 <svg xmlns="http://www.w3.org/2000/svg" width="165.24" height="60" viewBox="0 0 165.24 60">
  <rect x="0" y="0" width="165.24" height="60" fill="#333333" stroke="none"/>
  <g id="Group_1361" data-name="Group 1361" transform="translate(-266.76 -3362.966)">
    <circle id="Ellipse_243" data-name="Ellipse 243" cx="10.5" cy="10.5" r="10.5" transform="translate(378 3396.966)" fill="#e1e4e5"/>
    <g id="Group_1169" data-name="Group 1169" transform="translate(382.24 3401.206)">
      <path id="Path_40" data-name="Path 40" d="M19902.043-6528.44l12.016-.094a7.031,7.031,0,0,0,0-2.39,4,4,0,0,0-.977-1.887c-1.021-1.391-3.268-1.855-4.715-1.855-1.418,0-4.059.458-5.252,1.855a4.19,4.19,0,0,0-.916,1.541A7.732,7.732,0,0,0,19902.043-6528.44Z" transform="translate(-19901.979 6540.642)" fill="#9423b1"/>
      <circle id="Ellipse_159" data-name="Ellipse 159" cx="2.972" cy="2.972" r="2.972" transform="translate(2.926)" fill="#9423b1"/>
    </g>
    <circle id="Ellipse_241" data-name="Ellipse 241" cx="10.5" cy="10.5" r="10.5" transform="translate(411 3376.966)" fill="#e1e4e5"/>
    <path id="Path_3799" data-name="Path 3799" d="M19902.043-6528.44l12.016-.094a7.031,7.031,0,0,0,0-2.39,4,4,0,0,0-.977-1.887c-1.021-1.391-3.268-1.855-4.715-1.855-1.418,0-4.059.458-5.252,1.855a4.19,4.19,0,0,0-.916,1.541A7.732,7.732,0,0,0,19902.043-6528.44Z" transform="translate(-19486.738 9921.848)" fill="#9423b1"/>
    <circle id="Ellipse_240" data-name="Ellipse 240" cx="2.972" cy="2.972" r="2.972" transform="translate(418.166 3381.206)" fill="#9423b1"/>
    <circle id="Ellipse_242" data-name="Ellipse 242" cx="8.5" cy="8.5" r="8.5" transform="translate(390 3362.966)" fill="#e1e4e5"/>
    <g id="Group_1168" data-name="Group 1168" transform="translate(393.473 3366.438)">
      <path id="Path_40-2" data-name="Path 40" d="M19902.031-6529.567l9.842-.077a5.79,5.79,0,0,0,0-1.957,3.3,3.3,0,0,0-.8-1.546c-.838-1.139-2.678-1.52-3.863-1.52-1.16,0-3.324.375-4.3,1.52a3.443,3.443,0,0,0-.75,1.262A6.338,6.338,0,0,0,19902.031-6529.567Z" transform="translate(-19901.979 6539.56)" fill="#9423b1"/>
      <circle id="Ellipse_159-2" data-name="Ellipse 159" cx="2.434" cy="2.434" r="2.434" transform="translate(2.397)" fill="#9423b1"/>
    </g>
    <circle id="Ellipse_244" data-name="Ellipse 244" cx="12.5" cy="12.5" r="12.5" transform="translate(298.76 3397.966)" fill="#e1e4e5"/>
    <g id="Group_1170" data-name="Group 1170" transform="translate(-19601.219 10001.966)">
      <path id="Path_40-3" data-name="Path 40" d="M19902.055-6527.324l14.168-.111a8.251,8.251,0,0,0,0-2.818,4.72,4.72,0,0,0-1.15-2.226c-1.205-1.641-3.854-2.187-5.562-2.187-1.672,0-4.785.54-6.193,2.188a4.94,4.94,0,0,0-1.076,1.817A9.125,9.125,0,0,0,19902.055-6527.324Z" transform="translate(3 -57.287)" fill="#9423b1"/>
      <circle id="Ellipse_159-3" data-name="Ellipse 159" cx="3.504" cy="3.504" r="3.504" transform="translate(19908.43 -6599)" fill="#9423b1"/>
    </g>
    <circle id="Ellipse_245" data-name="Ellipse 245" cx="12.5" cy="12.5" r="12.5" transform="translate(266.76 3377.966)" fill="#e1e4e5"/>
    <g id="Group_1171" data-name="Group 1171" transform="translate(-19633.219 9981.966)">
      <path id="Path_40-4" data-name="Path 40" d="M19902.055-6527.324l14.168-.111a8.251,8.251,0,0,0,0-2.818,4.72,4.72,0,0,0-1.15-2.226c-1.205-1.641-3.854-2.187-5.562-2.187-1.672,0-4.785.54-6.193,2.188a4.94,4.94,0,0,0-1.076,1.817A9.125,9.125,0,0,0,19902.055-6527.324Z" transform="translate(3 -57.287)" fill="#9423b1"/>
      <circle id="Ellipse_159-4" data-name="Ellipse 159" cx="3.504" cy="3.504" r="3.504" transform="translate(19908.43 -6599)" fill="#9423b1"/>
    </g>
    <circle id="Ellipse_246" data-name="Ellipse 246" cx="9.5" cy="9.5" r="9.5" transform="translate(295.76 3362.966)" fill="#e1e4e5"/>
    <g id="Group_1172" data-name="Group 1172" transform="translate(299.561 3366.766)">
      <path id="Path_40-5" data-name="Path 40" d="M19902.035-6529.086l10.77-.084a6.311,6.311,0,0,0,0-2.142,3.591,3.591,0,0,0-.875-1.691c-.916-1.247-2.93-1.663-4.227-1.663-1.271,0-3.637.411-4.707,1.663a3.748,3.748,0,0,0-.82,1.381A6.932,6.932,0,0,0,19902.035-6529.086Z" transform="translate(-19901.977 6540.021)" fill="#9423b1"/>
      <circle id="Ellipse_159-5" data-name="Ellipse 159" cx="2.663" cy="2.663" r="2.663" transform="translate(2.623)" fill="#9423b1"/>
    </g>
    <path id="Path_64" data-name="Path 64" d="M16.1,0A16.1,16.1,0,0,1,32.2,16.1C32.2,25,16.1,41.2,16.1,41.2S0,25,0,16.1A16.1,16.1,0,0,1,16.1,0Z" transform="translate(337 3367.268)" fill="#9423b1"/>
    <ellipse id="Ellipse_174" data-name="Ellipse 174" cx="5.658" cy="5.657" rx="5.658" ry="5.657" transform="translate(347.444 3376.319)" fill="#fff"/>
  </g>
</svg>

WHAT THE TASK REQUIRES – Each line above must be retyped exactly.

SOLUTION TO THE EXERCISE –
 <svg xmlns="http://www.w3.org/2000/svg" width="165.24" height="60" viewBox="0 0 165.24 60">
  <rect x="0" y="0" width="165.24" height="60" fill="#333333" stroke="none"/>
  <g id="Group_1361" data-name="Group 1361" transform="translate(-266.76 -3362.966)">
    <circle id="Ellipse_243" data-name="Ellipse 243" cx="10.5" cy="10.5" r="10.5" transform="translate(378 3396.966)" fill="#e1e4e5"/>
    <g id="Group_1169" data-name="Group 1169" transform="translate(382.24 3401.206)">
      <path id="Path_40" data-name="Path 40" d="M19902.043-6528.44l12.016-.094a7.031,7.031,0,0,0,0-2.39,4,4,0,0,0-.977-1.887c-1.021-1.391-3.268-1.855-4.715-1.855-1.418,0-4.059.458-5.252,1.855a4.19,4.19,0,0,0-.916,1.541A7.732,7.732,0,0,0,19902.043-6528.44Z" transform="translate(-19901.979 6540.642)" fill="#9423b1"/>
      <circle id="Ellipse_159" data-name="Ellipse 159" cx="2.972" cy="2.972" r="2.972" transform="translate(2.926)" fill="#9423b1"/>
    </g>
    <circle id="Ellipse_241" data-name="Ellipse 241" cx="10.5" cy="10.5" r="10.5" transform="translate(411 3376.966)" fill="#e1e4e5"/>
    <path id="Path_3799" data-name="Path 3799" d="M19902.043-6528.44l12.016-.094a7.031,7.031,0,0,0,0-2.39,4,4,0,0,0-.977-1.887c-1.021-1.391-3.268-1.855-4.715-1.855-1.418,0-4.059.458-5.252,1.855a4.19,4.19,0,0,0-.916,1.541A7.732,7.732,0,0,0,19902.043-6528.44Z" transform="translate(-19486.738 9921.848)" fill="#9423b1"/>
    <circle id="Ellipse_240" data-name="Ellipse 240" cx="2.972" cy="2.972" r="2.972" transform="translate(418.166 3381.206)" fill="#9423b1"/>
    <circle id="Ellipse_242" data-name="Ellipse 242" cx="8.5" cy="8.5" r="8.5" transform="translate(390 3362.966)" fill="#e1e4e5"/>
    <g id="Group_1168" data-name="Group 1168" transform="translate(393.473 3366.438)">
      <path id="Path_40-2" data-name="Path 40" d="M19902.031-6529.567l9.842-.077a5.79,5.79,0,0,0,0-1.957,3.3,3.3,0,0,0-.8-1.546c-.838-1.139-2.678-1.52-3.863-1.52-1.16,0-3.324.375-4.3,1.52a3.443,3.443,0,0,0-.75,1.262A6.338,6.338,0,0,0,19902.031-6529.567Z" transform="translate(-19901.979 6539.56)" fill="#9423b1"/>
      <circle id="Ellipse_159-2" data-name="Ellipse 159" cx="2.434" cy="2.434" r="2.434" transform="translate(2.397)" fill="#9423b1"/>
    </g>
    <circle id="Ellipse_244" data-name="Ellipse 244" cx="12.5" cy="12.5" r="12.5" transform="translate(298.76 3397.966)" fill="#e1e4e5"/>
    <g id="Group_1170" data-name="Group 1170" transform="translate(-19601.219 10001.966)">
      <path id="Path_40-3" data-name="Path 40" d="M19902.055-6527.324l14.168-.111a8.251,8.251,0,0,0,0-2.818,4.72,4.72,0,0,0-1.15-2.226c-1.205-1.641-3.854-2.187-5.562-2.187-1.672,0-4.785.54-6.193,2.188a4.94,4.94,0,0,0-1.076,1.817A9.125,9.125,0,0,0,19902.055-6527.324Z" transform="translate(3 -57.287)" fill="#9423b1"/>
      <circle id="Ellipse_159-3" data-name="Ellipse 159" cx="3.504" cy="3.504" r="3.504" transform="translate(19908.43 -6599)" fill="#9423b1"/>
    </g>
    <circle id="Ellipse_245" data-name="Ellipse 245" cx="12.5" cy="12.5" r="12.5" transform="translate(266.76 3377.966)" fill="#e1e4e5"/>
    <g id="Group_1171" data-name="Group 1171" transform="translate(-19633.219 9981.966)">
      <path id="Path_40-4" data-name="Path 40" d="M19902.055-6527.324l14.168-.111a8.251,8.251,0,0,0,0-2.818,4.72,4.72,0,0,0-1.15-2.226c-1.205-1.641-3.854-2.187-5.562-2.187-1.672,0-4.785.54-6.193,2.188a4.94,4.94,0,0,0-1.076,1.817A9.125,9.125,0,0,0,19902.055-6527.324Z" transform="translate(3 -57.287)" fill="#9423b1"/>
      <circle id="Ellipse_159-4" data-name="Ellipse 159" cx="3.504" cy="3.504" r="3.504" transform="translate(19908.43 -6599)" fill="#9423b1"/>
    </g>
    <circle id="Ellipse_246" data-name="Ellipse 246" cx="9.5" cy="9.5" r="9.5" transform="translate(295.76 3362.966)" fill="#e1e4e5"/>
    <g id="Group_1172" data-name="Group 1172" transform="translate(299.561 3366.766)">
      <path id="Path_40-5" data-name="Path 40" d="M19902.035-6529.086l10.77-.084a6.311,6.311,0,0,0,0-2.142,3.591,3.591,0,0,0-.875-1.691c-.916-1.247-2.93-1.663-4.227-1.663-1.271,0-3.637.411-4.707,1.663a3.748,3.748,0,0,0-.82,1.381A6.932,6.932,0,0,0,19902.035-6529.086Z" transform="translate(-19901.977 6540.021)" fill="#9423b1"/>
      <circle id="Ellipse_159-5" data-name="Ellipse 159" cx="2.663" cy="2.663" r="2.663" transform="translate(2.623)" fill="#9423b1"/>
    </g>
    <path id="Path_64" data-name="Path 64" d="M16.1,0A16.1,16.1,0,0,1,32.2,16.1C32.2,25,16.1,41.2,16.1,41.2S0,25,0,16.1A16.1,16.1,0,0,1,16.1,0Z" transform="translate(337 3367.268)" fill="#9423b1"/>
    <ellipse id="Ellipse_174" data-name="Ellipse 174" cx="5.658" cy="5.657" rx="5.658" ry="5.657" transform="translate(347.444 3376.319)" fill="#fff"/>
  </g>
</svg>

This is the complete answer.